Soluble Epoxide Hydrolase Inhibition Attenuates Excitotoxicity Involving 14,15-Epoxyeicosatrienoic Acid-Mediated Astrocytic Survival and Plasticity to Preserve Glutamate Homeostasis.

Astrocytes play pivotal roles in regulating glutamate homeostasis at tripartite synapses. Inhibition of soluble epoxide hydrolase (sEHi) provides neuroprotection by blocking the degradation of 14,15-epoxyeicosatrienoic acid (14,15-EET), a lipid mediator whose synthesis can be activated downstream from group 1 metabotropic glutamate receptor (mGluR) signaling in astrocytes. However, it is unclear how sEHi regulates glutamate excitotoxicity. Here, we used three primary rat cortical culture systems, neuron-enriched (NE), astrocyte-enriched glia-neuron mix (GN), and purified astrocytes, to delineate the underlying mechanism by which sEHi and 14,15-EET attenuate excitotoxicity.

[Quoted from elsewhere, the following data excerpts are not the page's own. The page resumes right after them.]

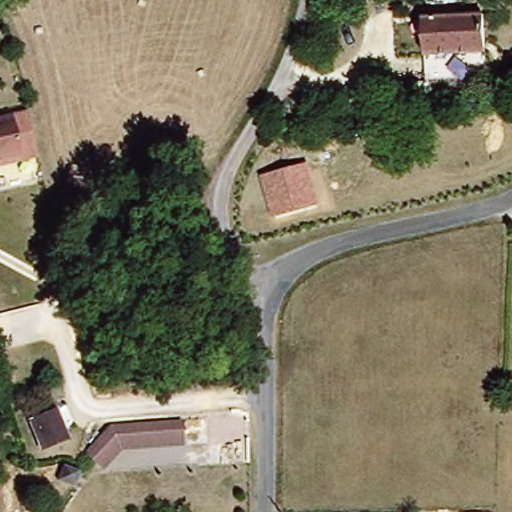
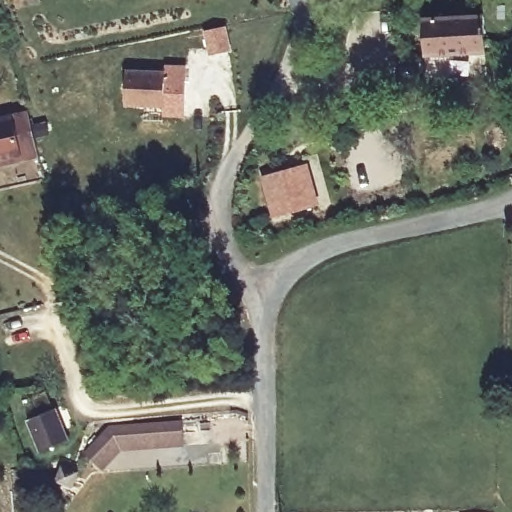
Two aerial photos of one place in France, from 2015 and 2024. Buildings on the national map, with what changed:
unchanged [(422,19),(482,15),(484,52),(424,56),(422,19)]
new [(123,109),(124,68),(164,70),(164,64),(184,64),(183,104),(183,119),(161,119),(161,111),(123,109)]
unchanged [(0,121),(36,114),(46,157),(29,161),(4,167),(3,161),(0,162),(0,121)]
unchanged [(309,165),(319,204),(271,217),(261,179),(309,165)]
unchanged [(56,408),(69,440),(43,451),(30,420),(56,408)]
unchanged [(184,445),(124,448),(120,451),(103,469),(86,453),(111,427),(184,422),(184,445)]
unchanged [(63,466),(79,472),(73,487),(58,481),(63,466)]

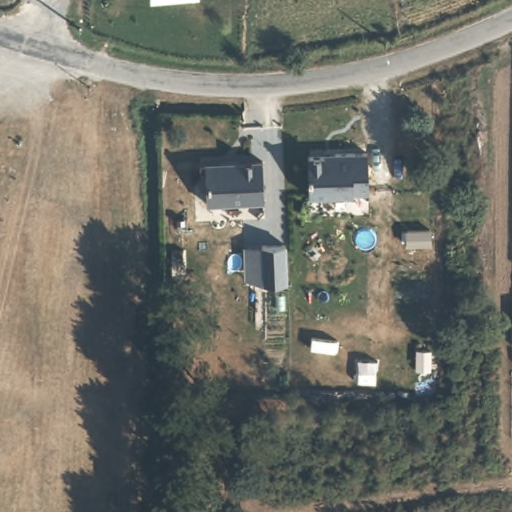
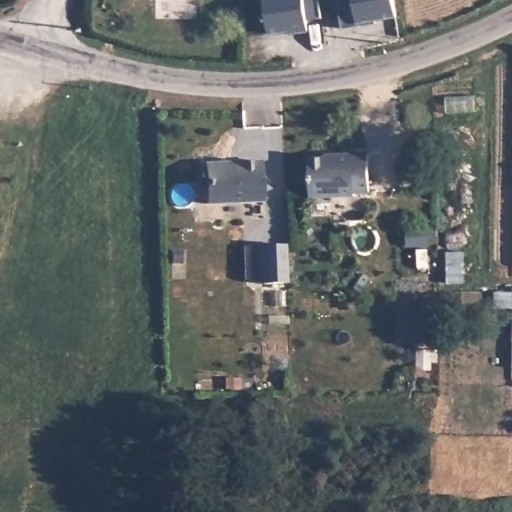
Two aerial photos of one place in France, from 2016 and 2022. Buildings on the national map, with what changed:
new [(306,20),(307,33),(290,35),(290,33),(268,35),(263,0),(317,0),(320,18),(306,20)]
new [(375,23),(340,28),(335,0),(392,0),(395,17),(374,21),(375,23)]
unchanged [(341,158),(341,156),(373,155),(374,195),(359,195),(359,197),(313,198),(312,159),(341,158)]
unchanged [(209,164),(267,163),(267,202),(211,204),(209,164)]
unchanged [(290,282),(262,284),(247,278),(247,246),(263,245),(288,245),(290,282)]

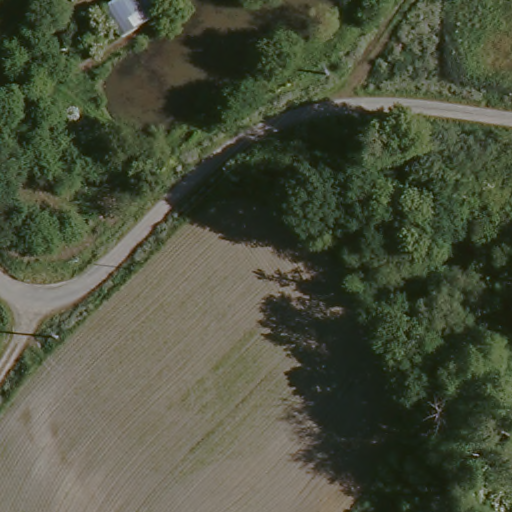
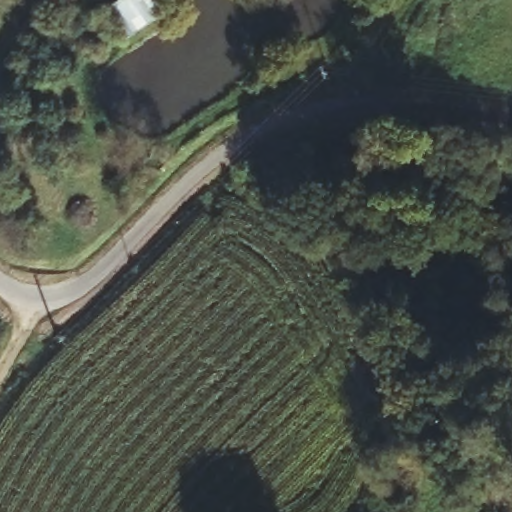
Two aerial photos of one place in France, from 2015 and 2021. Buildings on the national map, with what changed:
unchanged [(172,9),(144,28),(132,33),(112,1),(114,0),(166,0),(172,9)]

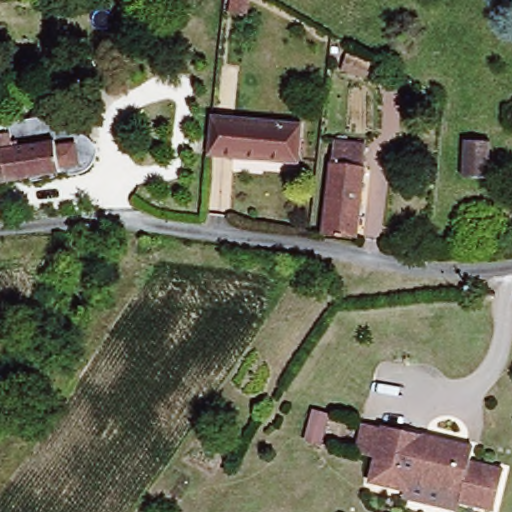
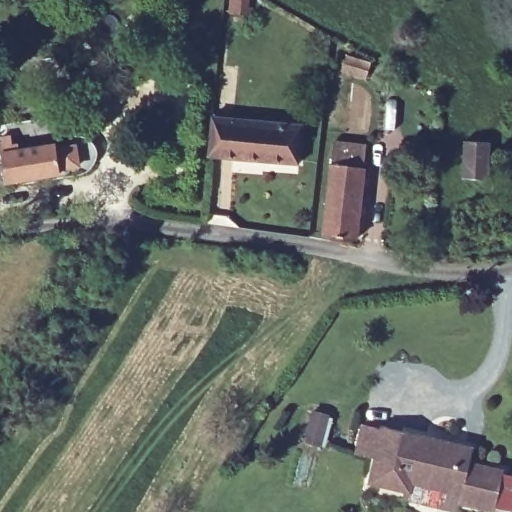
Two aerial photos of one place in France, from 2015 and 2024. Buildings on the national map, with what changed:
unchanged [(160,0),(189,0),(175,16),(160,0)]
unchanged [(64,123),(66,138),(76,139),(83,143),(86,150),(86,159),(84,165),(78,169),(0,181),(0,121),(63,111),(64,123)]
unchanged [(208,119),(299,129),(295,164),(206,155),(208,119)]
unchanged [(327,143),(361,146),(353,237),(319,232),(327,143)]
unchanged [(472,146),(501,146),(501,182),(473,183),(472,146)]
unchanged [(405,492),(402,506),(363,497),(368,472),(349,467),(357,438),(377,442),(381,427),(474,450),(471,465),(502,474),(493,512),(485,512),(459,505),(405,492)]

We found that sEH inhibitor 12-(3-adamantan-1-yl-ureido)-dodecanoic acid (AUDA) and 14,15-EET both attenuated N-methyl-D-aspartate (NMDA)-induced neurite damage and cell death in GN, not NE, cortical cultures. The anti-excitotoxic effects of 14,15-EET and AUDA were both blocked by the group 1 mGluR5 antagonist 2-methyl-6-(phenylethynyl)pyridine (MPEP), as were their protective effects against NMDA-disrupted perineuronal astrocyte processes expressing glutamate transporter-1 (GLT-1) and subsequent glutamate uptake. Knockdown of sEH expression also attenuated NMDA neurotoxicity in mGluR5- and GLT-1-dependent manners. The 14,15-EET/AUDA-preserved astroglial integrity was confirmed in glutamate-stimulated primary astrocytes along with the reduction of the c-Jun N-terminal kinase 1 phosphorylation, in which the 14,15-EET effect is mGluR5-dependent. In vivo studies validated that sEHi and genetic deletion of sEH (Ephx2-KO) ameliorated excitotoxic kainic acid-induced seizure, memory impairment, and neuronal loss while preserving GLT-1-expressing perineuronal astrocytes in hippocampal CA3 subregions. These results suggest that 14,15-EET mediates mGluR5-dependent anti-excitotoxicity by protecting astrocytes to maintain glutamate homeostasis, which may account for the beneficial effect of sEH inhibition in excitotoxic brain injury and diseases.